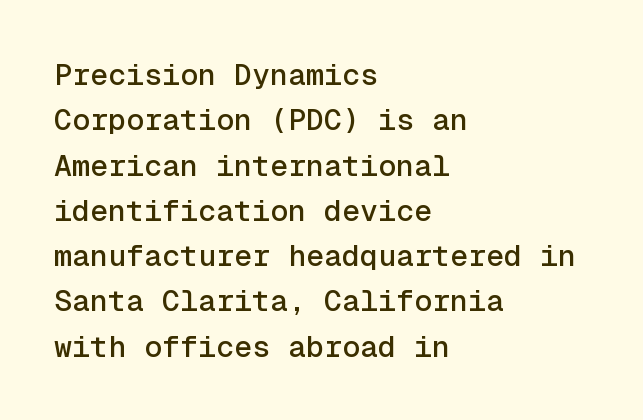
These lines are set flush left with a ragged right edge. Beneath every word, the page is bare. Think of a typewriter: that constant character pitch is what you see here. A typesetter would label this face a sans.
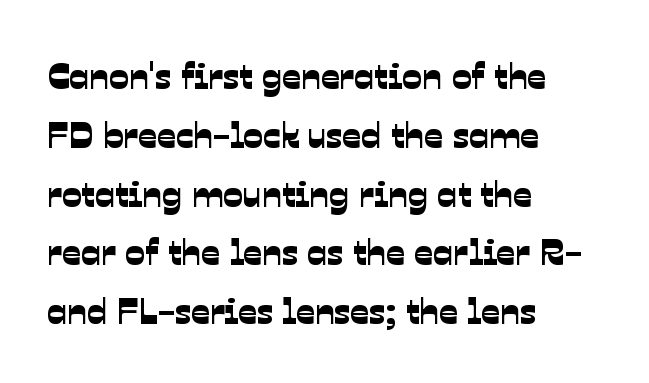
The horizontal fit of the characters is conventional and even. Anything drawn beneath the words? Only blank space. All the whitespace from short lines collects on the right. The vertical gap from one line to the next is medium.
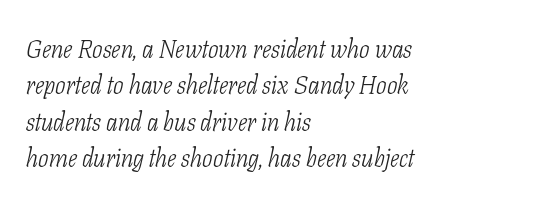
Q: Is the text bold? A: No.
Q: Is the text italic (slanted)? A: Yes, it leans right by about 11 degrees.
Q: Is the text underlined? A: No.
Q: How is the paragraph aligned? A: Left-aligned.
Q: Is the spacing between letters normal or unusually wide? A: Normal.
Q: Is the spacing between lines tight, normal or loose? A: Normal.
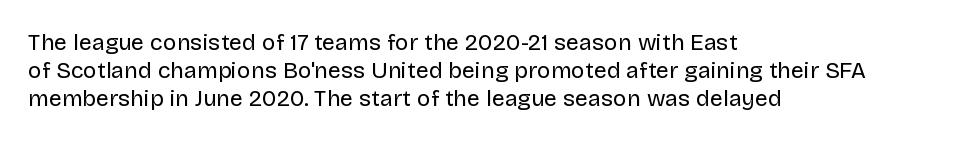
Q: Is the text bold? A: No.
Q: Is the text italic (slanted)? A: No, it is upright.
Q: Is the text underlined? A: No.
Q: How is the paragraph aligned? A: Left-aligned.
Q: Is the spacing between letters normal or unusually wide? A: Normal.
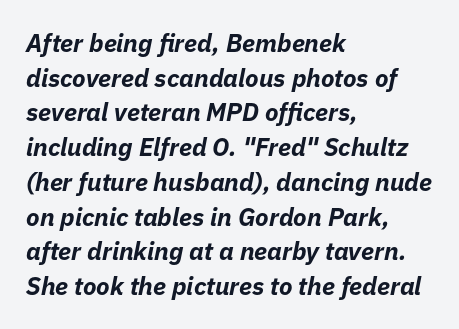
{"italic": "yes", "lean": "right", "slant_degrees": 11, "bold": "yes", "underline": "no", "align": "left", "line_spacing": "normal", "line_spacing_ratio": 1.39, "letter_spacing": "normal", "letter_spacing_em": 0.0, "glyph_px": 25}
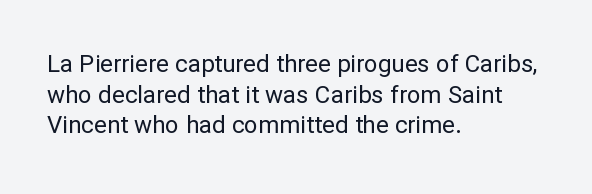
Q: Is the text bold? A: No.
Q: Is the text italic (slanted)? A: No, it is upright.
Q: Is the text underlined? A: No.
Q: How is the paragraph aligned? A: Left-aligned.
Q: Is the spacing between letters normal or unusually wide? A: Normal.
Q: Is the spacing between lines tight, normal or loose? A: Normal.
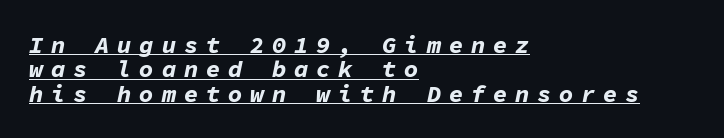
Strong, thick strokes mark this as bold type. The text block is weighted toward the left margin, trailing off unevenly rightward. Observe the wide spacing: letters keep a clear distance from each other. The vertical gap from one line to the next is small. You can tell it's italic because the verticals aren't actually vertical. The rendered words wear a rule along their underside.
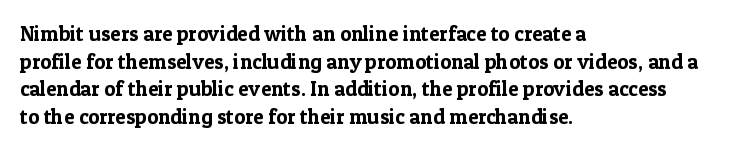
Line starts are locked; line ends wander. Leading matches the norm, producing a regular column. Characters remain perfectly vertical along every line. The area under the type is left untouched. Caption: standard tracking, unaltered.

• _Action item_:
Drop the pictures; repeat each entry above exactly.

• _Expected answer_:
These lines are set flush left with a ragged right edge. Beneath every word, the page is bare. Think of a typewriter: that constant character pitch is what you see here. A typesetter would label this face a sans.
The horizontal fit of the characters is conventional and even. Anything drawn beneath the words? Only blank space. All the whitespace from short lines collects on the right. The vertical gap from one line to the next is medium.
Q: Is the text bold? A: No.
Q: Is the text italic (slanted)? A: Yes, it leans right by about 11 degrees.
Q: Is the text underlined? A: No.
Q: How is the paragraph aligned? A: Left-aligned.
Q: Is the spacing between letters normal or unusually wide? A: Normal.
Q: Is the spacing between lines tight, normal or loose? A: Normal.
Q: Is the text bold? A: No.
Q: Is the text italic (slanted)? A: No, it is upright.
Q: Is the text underlined? A: No.
Q: How is the paragraph aligned? A: Left-aligned.
Q: Is the spacing between letters normal or unusually wide? A: Normal.
{"italic": "yes", "lean": "right", "slant_degrees": 11, "bold": "yes", "underline": "no", "align": "left", "line_spacing": "normal", "line_spacing_ratio": 1.39, "letter_spacing": "normal", "letter_spacing_em": 0.0, "glyph_px": 25}
Q: Is the text bold? A: No.
Q: Is the text italic (slanted)? A: No, it is upright.
Q: Is the text underlined? A: No.
Q: How is the paragraph aligned? A: Left-aligned.
Q: Is the spacing between letters normal or unusually wide? A: Normal.
Q: Is the spacing between lines tight, normal or loose? A: Normal.
Strong, thick strokes mark this as bold type. The text block is weighted toward the left margin, trailing off unevenly rightward. Observe the wide spacing: letters keep a clear distance from each other. The vertical gap from one line to the next is small. You can tell it's italic because the verticals aren't actually vertical. The rendered words wear a rule along their underside.
Line starts are locked; line ends wander. Leading matches the norm, producing a regular column. Characters remain perfectly vertical along every line. The area under the type is left untouched. Caption: standard tracking, unaltered.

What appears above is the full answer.